## [WHAT IS REQUIRED]
Everything in the entries below should be restated exactly, except for the pictures.

## [DATASET ENTRIES]
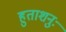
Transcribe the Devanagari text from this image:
हुताशनुः
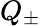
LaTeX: Q_{\pm}
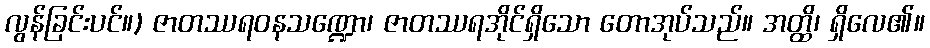
လွန်ခြင်းပင်။) ဇာတဿရဝနသဏ္ဍော၊ ဇာတဿရအိုင်ရှိသော တောအုပ်သည်။ အတ္ထိ၊ ရှိလေ၏။
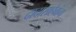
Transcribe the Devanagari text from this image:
दादासाहेबांना
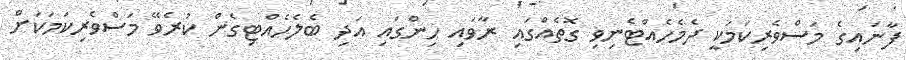
ފާނައިގެ މަސްވެރިކަމަކީ ދެމެހެއްޓެނިވި ގޮތެއްގައި ރާވައި ހިންގައި އަދި ބެލެހެއްޓިގެން ކުރެވޭ މަސްވެރިކަމަކަށް
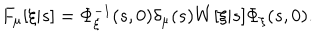
F _ { \mu } [ \xi | s ] = \Phi _ { \xi } ^ { - 1 } ( s , 0 ) \delta _ { \mu } ( s ) W [ \xi | s ] \Phi _ { \xi } ( s , 0 ) .
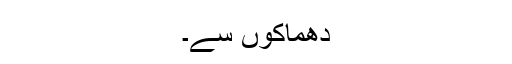
دھماکوں سے۔
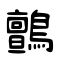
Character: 鸇
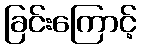
ခြင်းကြောင့်
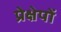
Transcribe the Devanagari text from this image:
प्रेक्षेपों
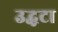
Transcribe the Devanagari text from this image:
उद्धटा
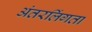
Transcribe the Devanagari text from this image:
अंतरलिंगता
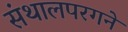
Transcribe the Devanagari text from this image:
संथालपरगने
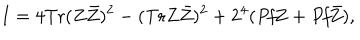
LaTeX: I = 4 \mathrm { T r } ( Z \bar { Z } ) ^ { 2 } - ( \mathrm { T r } Z \bar { Z } ) ^ { 2 } + 2 ^ { 4 } ( { \it P f } Z + { \it P f } \bar { Z } ) ,
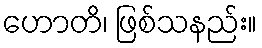
ဟောတိ၊ ဖြစ်သနည်း။
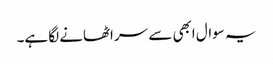
یہ سوال ابھی سے سر اٹھانے لگا ہے۔
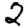
Digit: 2
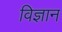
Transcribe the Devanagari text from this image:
विज्ञान
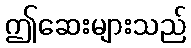
ဤဆေးများသည်
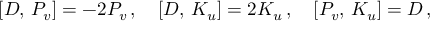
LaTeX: { } [ D , \, P _ { v } ] = - 2 P _ { v } \, , \quad { } [ D , \, K _ { u } ] = 2 K _ { u } \, , \quad { } [ P _ { v } , \, K _ { u } ] = D \, ,
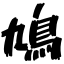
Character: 鳩
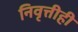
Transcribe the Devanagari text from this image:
निवृत्तीही
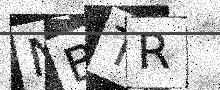
Text: NBTR
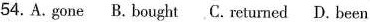
54. A. gone B.bought C.returned D. been
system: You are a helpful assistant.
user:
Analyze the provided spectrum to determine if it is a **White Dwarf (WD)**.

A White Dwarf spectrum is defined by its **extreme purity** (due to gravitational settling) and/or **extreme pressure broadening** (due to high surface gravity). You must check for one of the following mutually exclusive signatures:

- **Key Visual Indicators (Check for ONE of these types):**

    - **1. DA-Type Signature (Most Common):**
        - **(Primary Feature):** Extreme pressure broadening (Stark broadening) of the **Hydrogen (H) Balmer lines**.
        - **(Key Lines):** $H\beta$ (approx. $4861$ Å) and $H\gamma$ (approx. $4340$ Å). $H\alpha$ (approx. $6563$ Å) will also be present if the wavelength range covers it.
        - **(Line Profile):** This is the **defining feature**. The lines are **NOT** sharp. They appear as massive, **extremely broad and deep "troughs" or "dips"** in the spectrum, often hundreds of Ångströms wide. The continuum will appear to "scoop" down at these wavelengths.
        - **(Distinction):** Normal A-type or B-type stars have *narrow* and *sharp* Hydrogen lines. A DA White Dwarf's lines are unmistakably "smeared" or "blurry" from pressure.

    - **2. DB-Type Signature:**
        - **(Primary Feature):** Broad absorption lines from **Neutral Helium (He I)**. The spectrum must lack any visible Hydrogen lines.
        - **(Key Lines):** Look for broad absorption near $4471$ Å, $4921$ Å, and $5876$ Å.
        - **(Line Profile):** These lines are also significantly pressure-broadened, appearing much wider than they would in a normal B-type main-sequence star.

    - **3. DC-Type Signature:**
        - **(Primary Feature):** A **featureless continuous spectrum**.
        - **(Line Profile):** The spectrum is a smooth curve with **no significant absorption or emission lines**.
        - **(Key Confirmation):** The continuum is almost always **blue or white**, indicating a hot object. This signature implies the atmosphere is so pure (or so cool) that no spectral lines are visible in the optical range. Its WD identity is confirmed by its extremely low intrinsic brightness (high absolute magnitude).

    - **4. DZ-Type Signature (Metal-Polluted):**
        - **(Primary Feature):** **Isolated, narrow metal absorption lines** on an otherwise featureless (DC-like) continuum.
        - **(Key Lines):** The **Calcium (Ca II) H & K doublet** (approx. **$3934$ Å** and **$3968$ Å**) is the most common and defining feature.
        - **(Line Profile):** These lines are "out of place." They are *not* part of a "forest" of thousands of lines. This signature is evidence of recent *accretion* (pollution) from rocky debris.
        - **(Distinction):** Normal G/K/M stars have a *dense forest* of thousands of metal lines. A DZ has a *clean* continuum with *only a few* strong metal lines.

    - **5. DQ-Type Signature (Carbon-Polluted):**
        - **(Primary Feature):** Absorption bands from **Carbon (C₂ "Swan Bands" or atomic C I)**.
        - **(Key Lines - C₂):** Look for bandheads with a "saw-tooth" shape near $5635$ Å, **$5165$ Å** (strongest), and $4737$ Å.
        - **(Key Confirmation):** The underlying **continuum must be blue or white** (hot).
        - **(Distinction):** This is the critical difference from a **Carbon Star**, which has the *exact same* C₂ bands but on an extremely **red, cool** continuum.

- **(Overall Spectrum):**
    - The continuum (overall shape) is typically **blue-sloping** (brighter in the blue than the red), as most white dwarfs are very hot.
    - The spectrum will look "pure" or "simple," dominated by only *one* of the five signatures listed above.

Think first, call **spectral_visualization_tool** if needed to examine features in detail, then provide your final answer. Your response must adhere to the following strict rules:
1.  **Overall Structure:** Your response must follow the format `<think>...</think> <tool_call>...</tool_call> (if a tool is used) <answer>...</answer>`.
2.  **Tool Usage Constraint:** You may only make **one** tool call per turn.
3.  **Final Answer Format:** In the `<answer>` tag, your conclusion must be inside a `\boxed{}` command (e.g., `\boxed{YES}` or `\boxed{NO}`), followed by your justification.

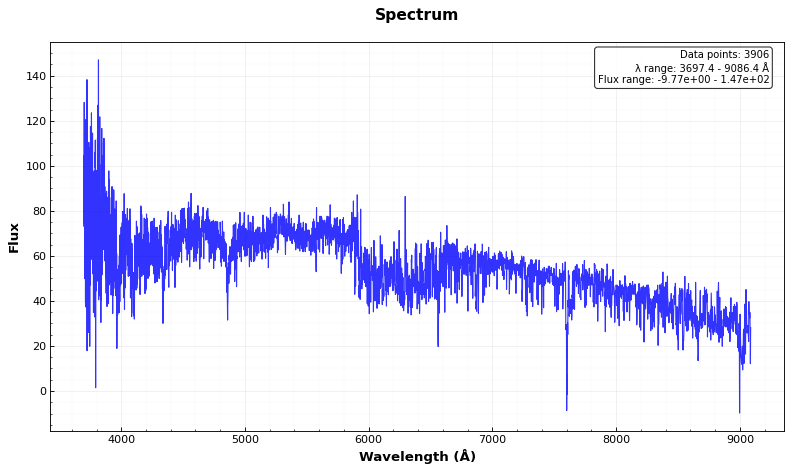
Answer: YES

## [SOLUTION BELOW]
Transcribe the Devanagari text from this image:
हुताशनुः
LaTeX: Q_{\pm}
လွန်ခြင်းပင်။) ဇာတဿရဝနသဏ္ဍော၊ ဇာတဿရအိုင်ရှိသော တောအုပ်သည်။ အတ္ထိ၊ ရှိလေ၏။
Transcribe the Devanagari text from this image:
दादासाहेबांना
ފާނައިގެ މަސްވެރިކަމަކީ ދެމެހެއްޓެނިވި ގޮތެއްގައި ރާވައި ހިންގައި އަދި ބެލެހެއްޓިގެން ކުރެވޭ މަސްވެރިކަމަކަށް
F _ { \mu } [ \xi | s ] = \Phi _ { \xi } ^ { - 1 } ( s , 0 ) \delta _ { \mu } ( s ) W [ \xi | s ] \Phi _ { \xi } ( s , 0 ) .
دھماکوں سے۔
Character: 鸇
ခြင်းကြောင့်
Transcribe the Devanagari text from this image:
प्रेक्षेपों
Transcribe the Devanagari text from this image:
उद्धटा
Transcribe the Devanagari text from this image:
अंतरलिंगता
Transcribe the Devanagari text from this image:
संथालपरगने
LaTeX: I = 4 \mathrm { T r } ( Z \bar { Z } ) ^ { 2 } - ( \mathrm { T r } Z \bar { Z } ) ^ { 2 } + 2 ^ { 4 } ( { \it P f } Z + { \it P f } \bar { Z } ) ,
ဟောတိ၊ ဖြစ်သနည်း။
یہ سوال ابھی سے سر اٹھانے لگا ہے۔
Digit: 2
Transcribe the Devanagari text from this image:
विज्ञान
ဤဆေးများသည်
LaTeX: { } [ D , \, P _ { v } ] = - 2 P _ { v } \, , \quad { } [ D , \, K _ { u } ] = 2 K _ { u } \, , \quad { } [ P _ { v } , \, K _ { u } ] = D \, ,
Character: 鳩
Transcribe the Devanagari text from this image:
निवृत्तीही
Text: NBTR
54. A. gone B.bought C.returned D. been
system: You are a helpful assistant.
user:
Analyze the provided spectrum to determine if it is a **White Dwarf (WD)**.

A White Dwarf spectrum is defined by its **extreme purity** (due to gravitational settling) and/or **extreme pressure broadening** (due to high surface gravity). You must check for one of the following mutually exclusive signatures:

- **Key Visual Indicators (Check for ONE of these types):**

    - **1. DA-Type Signature (Most Common):**
        - **(Primary Feature):** Extreme pressure broadening (Stark broadening) of the **Hydrogen (H) Balmer lines**.
        - **(Key Lines):** $H\beta$ (approx. $4861$ Å) and $H\gamma$ (approx. $4340$ Å). $H\alpha$ (approx. $6563$ Å) will also be present if the wavelength range covers it.
        - **(Line Profile):** This is the **defining feature**. The lines are **NOT** sharp. They appear as massive, **extremely broad and deep "troughs" or "dips"** in the spectrum, often hundreds of Ångströms wide. The continuum will appear to "scoop" down at these wavelengths.
        - **(Distinction):** Normal A-type or B-type stars have *narrow* and *sharp* Hydrogen lines. A DA White Dwarf's lines are unmistakably "smeared" or "blurry" from pressure.

    - **2. DB-Type Signature:**
        - **(Primary Feature):** Broad absorption lines from **Neutral Helium (He I)**. The spectrum must lack any visible Hydrogen lines.
        - **(Key Lines):** Look for broad absorption near $4471$ Å, $4921$ Å, and $5876$ Å.
        - **(Line Profile):** These lines are also significantly pressure-broadened, appearing much wider than they would in a normal B-type main-sequence star.

    - **3. DC-Type Signature:**
        - **(Primary Feature):** A **featureless continuous spectrum**.
        - **(Line Profile):** The spectrum is a smooth curve with **no significant absorption or emission lines**.
        - **(Key Confirmation):** The continuum is almost always **blue or white**, indicating a hot object. This signature implies the atmosphere is so pure (or so cool) that no spectral lines are visible in the optical range. Its WD identity is confirmed by its extremely low intrinsic brightness (high absolute magnitude).

    - **4. DZ-Type Signature (Metal-Polluted):**
        - **(Primary Feature):** **Isolated, narrow metal absorption lines** on an otherwise featureless (DC-like) continuum.
        - **(Key Lines):** The **Calcium (Ca II) H & K doublet** (approx. **$3934$ Å** and **$3968$ Å**) is the most common and defining feature.
        - **(Line Profile):** These lines are "out of place." They are *not* part of a "forest" of thousands of lines. This signature is evidence of recent *accretion* (pollution) from rocky debris.
        - **(Distinction):** Normal G/K/M stars have a *dense forest* of thousands of metal lines. A DZ has a *clean* continuum with *only a few* strong metal lines.

    - **5. DQ-Type Signature (Carbon-Polluted):**
        - **(Primary Feature):** Absorption bands from **Carbon (C₂ "Swan Bands" or atomic C I)**.
        - **(Key Lines - C₂):** Look for bandheads with a "saw-tooth" shape near $5635$ Å, **$5165$ Å** (strongest), and $4737$ Å.
        - **(Key Confirmation):** The underlying **continuum must be blue or white** (hot).
        - **(Distinction):** This is the critical difference from a **Carbon Star**, which has the *exact same* C₂ bands but on an extremely **red, cool** continuum.

- **(Overall Spectrum):**
    - The continuum (overall shape) is typically **blue-sloping** (brighter in the blue than the red), as most white dwarfs are very hot.
    - The spectrum will look "pure" or "simple," dominated by only *one* of the five signatures listed above.

Think first, call **spectral_visualization_tool** if needed to examine features in detail, then provide your final answer. Your response must adhere to the following strict rules:
1.  **Overall Structure:** Your response must follow the format `<think>...</think> <tool_call>...</tool_call> (if a tool is used) <answer>...</answer>`.
2.  **Tool Usage Constraint:** You may only make **one** tool call per turn.
3.  **Final Answer Format:** In the `<answer>` tag, your conclusion must be inside a `\boxed{}` command (e.g., `\boxed{YES}` or `\boxed{NO}`), followed by your justification.

Answer: YES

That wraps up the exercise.